Mostyn-Owen feared that she would crack up, as Johnson’s mother had. (The couple divorced in 1992; Johnson married his second wife, Marina Wheeler, whom he had known as a child in Brussels, twelve days later.) In the Telegraph’s offices, which overlooked an elegant square, Johnson would lock his door and shout obscenities to himself, while he worked himself up to write each story. “This bizarre ritual, to those who witnessed it, was an insight into the torrent of focus and drive that lies beneath Boris’s affable exterior,” Purnell writes.
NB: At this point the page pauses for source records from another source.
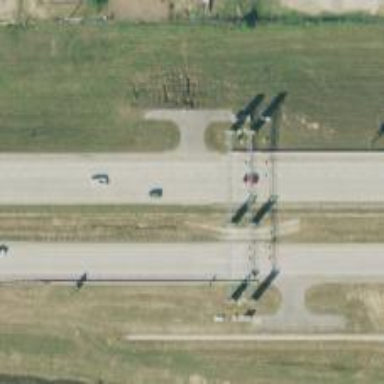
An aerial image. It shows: Toll gantry on the road.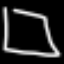
Label: square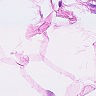
Metastatic tissue present: no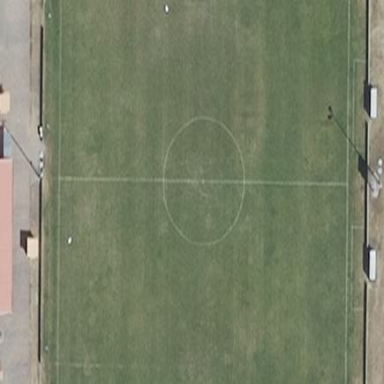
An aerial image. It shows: Soccer pitch designated for leisure and sports activities.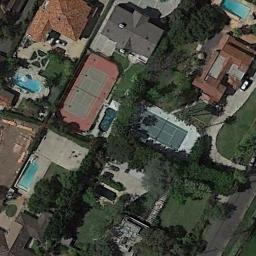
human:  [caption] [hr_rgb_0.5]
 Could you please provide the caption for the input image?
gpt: Many buildings of different shapes are beside the tennis courts .

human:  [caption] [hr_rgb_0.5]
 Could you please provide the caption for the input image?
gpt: Tennis court and swimming pool in the middle of a residential area surrounded by trees .

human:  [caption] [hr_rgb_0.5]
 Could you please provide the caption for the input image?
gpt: The tennis court is on the grass next to some buildings and trees .

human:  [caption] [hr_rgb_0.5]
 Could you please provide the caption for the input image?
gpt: One side of the tennis court was shaded by the shade of a tree .

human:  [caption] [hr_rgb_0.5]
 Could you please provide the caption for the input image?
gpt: There are many green trees and some buildings around the tennis court .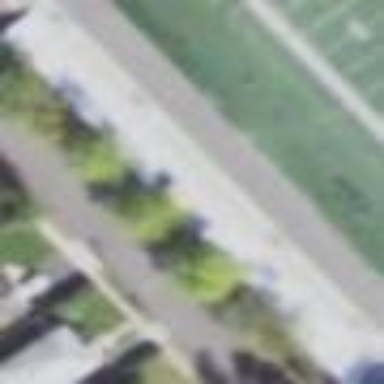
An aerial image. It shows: Bleachers on leisure land.
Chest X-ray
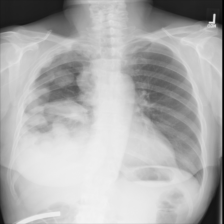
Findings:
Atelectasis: negative
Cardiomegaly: negative
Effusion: negative
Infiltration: negative
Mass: positive
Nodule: negative
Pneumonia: negative
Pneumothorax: negative
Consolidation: negative
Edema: negative
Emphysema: negative
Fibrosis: negative
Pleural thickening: negative
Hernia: negative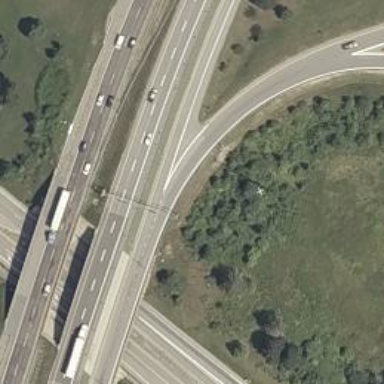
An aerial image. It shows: Asphalt motorway link.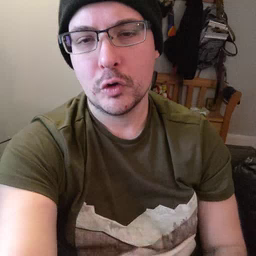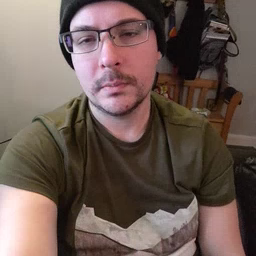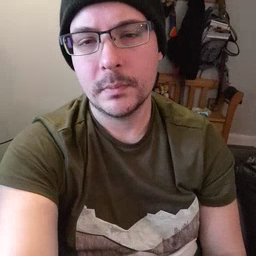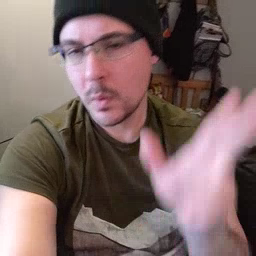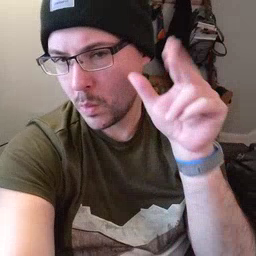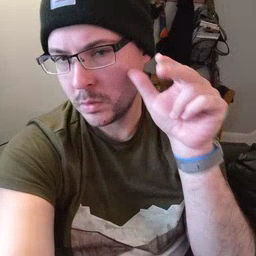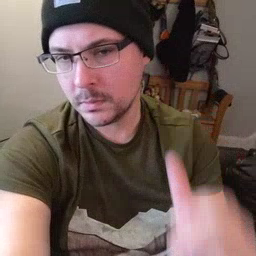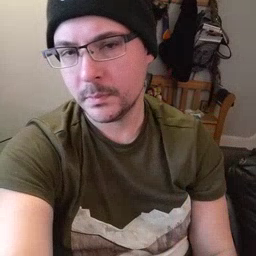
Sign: horse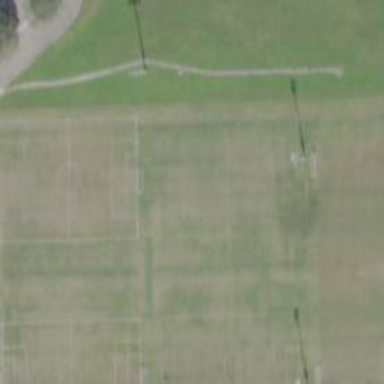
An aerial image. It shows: Soccer pitch for leisureland activities.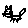
Label: cat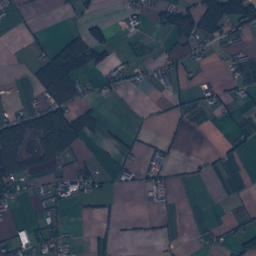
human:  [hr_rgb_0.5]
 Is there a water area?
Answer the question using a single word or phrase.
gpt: yes

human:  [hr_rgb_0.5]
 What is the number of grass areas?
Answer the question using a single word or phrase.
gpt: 293

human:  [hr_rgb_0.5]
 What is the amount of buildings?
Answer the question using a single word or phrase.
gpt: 303

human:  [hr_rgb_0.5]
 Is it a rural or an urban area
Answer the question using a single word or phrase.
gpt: rural

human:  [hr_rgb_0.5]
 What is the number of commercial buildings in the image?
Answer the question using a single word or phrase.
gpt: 25

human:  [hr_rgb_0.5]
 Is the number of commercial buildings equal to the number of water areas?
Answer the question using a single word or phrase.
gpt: no

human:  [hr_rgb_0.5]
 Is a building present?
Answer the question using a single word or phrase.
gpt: yes

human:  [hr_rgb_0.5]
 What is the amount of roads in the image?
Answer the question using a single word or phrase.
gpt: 146

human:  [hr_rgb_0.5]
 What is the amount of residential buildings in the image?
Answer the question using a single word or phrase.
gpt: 276

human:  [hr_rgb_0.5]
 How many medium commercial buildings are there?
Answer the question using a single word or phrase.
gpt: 8

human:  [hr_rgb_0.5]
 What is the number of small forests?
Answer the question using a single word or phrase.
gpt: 37

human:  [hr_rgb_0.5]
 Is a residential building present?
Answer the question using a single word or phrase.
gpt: yes

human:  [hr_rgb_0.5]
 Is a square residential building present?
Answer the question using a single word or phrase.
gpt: yes

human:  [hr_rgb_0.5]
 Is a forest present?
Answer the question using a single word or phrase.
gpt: yes

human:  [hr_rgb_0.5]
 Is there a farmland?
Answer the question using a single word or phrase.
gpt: yes

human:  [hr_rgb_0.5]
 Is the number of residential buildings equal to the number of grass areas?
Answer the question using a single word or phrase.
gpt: no

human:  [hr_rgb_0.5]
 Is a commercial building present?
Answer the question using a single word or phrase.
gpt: yes

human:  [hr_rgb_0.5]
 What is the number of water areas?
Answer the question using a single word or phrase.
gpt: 30

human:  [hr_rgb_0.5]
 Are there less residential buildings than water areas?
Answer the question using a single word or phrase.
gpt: no

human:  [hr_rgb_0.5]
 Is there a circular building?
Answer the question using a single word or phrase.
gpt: yes

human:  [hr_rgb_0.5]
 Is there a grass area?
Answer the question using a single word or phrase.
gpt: yes

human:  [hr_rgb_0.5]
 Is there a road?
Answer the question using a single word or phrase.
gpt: yes

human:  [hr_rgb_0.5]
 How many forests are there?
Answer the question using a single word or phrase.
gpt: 110

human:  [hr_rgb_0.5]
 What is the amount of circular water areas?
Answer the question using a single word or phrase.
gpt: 0

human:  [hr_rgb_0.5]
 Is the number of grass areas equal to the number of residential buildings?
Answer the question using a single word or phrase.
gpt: no

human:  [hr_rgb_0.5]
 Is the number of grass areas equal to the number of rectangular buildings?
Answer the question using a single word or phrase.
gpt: no

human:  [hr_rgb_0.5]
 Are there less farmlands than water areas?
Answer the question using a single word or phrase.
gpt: no

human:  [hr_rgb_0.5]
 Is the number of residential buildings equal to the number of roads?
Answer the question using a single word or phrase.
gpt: no

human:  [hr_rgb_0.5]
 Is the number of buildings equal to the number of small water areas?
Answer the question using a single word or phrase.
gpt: no

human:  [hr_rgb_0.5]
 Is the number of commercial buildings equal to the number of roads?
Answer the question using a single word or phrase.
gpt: no

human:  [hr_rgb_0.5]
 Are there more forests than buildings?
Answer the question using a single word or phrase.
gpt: no

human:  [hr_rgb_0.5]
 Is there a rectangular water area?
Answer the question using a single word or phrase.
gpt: yes

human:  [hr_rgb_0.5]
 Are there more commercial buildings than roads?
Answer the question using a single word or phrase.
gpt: no

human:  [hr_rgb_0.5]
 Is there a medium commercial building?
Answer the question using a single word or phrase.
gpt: yes

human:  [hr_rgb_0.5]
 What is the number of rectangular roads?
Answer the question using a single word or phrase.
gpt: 0

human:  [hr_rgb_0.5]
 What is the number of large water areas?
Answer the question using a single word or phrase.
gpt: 1

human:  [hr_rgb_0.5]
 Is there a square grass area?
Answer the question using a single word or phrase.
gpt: no

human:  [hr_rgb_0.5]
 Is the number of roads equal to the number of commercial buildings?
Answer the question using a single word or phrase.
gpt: no

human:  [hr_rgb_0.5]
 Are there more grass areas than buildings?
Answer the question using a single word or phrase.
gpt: no

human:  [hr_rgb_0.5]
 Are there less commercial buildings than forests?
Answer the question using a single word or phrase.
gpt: yes

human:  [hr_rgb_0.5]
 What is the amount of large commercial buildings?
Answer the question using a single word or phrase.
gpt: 4

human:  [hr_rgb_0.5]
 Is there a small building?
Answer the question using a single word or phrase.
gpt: yes

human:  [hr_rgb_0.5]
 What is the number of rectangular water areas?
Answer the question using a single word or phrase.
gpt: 8

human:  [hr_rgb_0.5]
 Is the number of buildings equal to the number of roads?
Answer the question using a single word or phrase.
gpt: no

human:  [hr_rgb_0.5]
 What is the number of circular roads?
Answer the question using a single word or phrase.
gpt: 0

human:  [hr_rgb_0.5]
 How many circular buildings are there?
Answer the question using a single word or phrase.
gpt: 3

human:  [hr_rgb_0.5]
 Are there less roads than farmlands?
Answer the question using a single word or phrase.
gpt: no

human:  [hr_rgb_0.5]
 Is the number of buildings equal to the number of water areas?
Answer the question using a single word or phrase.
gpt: no

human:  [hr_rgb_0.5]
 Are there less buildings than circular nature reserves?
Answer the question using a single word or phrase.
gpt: no

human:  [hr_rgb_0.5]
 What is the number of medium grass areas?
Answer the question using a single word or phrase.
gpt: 70

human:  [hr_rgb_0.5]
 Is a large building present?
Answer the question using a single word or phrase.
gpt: yes

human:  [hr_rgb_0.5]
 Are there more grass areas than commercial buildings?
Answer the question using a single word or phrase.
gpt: yes

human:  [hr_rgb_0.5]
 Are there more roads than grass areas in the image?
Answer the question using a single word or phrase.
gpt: no

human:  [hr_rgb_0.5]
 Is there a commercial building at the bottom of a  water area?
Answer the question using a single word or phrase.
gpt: yes

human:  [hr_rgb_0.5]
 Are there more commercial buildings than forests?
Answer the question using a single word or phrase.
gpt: no

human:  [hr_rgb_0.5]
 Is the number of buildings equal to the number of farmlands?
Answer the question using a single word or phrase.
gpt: no

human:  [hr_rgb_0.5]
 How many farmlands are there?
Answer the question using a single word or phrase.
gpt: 99

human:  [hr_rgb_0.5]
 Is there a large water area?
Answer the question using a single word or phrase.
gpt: yes

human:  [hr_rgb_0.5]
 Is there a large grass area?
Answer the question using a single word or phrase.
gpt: yes

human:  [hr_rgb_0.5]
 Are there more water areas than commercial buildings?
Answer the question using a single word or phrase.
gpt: yes

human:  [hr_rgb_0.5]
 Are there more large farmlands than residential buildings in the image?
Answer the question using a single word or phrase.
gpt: no

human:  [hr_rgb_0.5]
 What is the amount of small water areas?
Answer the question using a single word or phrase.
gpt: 23

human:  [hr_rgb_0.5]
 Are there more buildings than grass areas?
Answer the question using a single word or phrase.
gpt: yes

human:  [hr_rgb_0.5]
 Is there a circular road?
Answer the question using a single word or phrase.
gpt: no

In 1994, Johnson was recalled to become the Telegraph’s chief political columnist. He was a newspaper star. But his reporting was no longer credible. “He was by then a caricature, and he had to go,” James Landale, then a reporter at the Times of London, who is now the BBC’s diplomatic correspondent, told Purnell. To mark Johnson’s departure from Brussels, Landale wrote a poem, based on Hilaire Belloc’s “Matilda,” in which “Boris told such dreadful lies / It made one gasp and stretch one’s eyes.”
When Johnson returned to London, he confessed to an editorial writer at the Telegraph that he had no political opinions. “You must have some,” the colleague reassured him. “Well, I’m against Europe and against capital punishment,” Johnson said. “I’m sure you’ll make something out of that,” came the reply.
To the British public, Johnson is an immediately recognizable figure in the culture. He is Bertie Wooster. His hair is a mess. He falls into ponds. You can find yourself feeling sympathetic toward him, because of an intimation of vulnerability and a sense that he is fundamentally unserious.
“Boris has the capacity to lose his way in a sentence, like a child in a nativity play. You want him to succeed, and when he does you share in his triumph,” Michael Gove, Johnson’s old friend from Oxford, fellow-Brexiteer, and political rival, has said. In “Boris: The Adventures of Boris Johnson,” Andrew Gimson, a former colleague of Johnson’s, describes his ability—which is almost unique among contemporary British politicians—to cheer people up. “While many politicians have the urge to perfect society, Boris believes in the imperfectability of mankind, and especially of himself,” Gimson writes. (The biography was published in 2006 and updated in 2016.) “He does not seek to attain impossibly high standards, nor does he impose them on others.”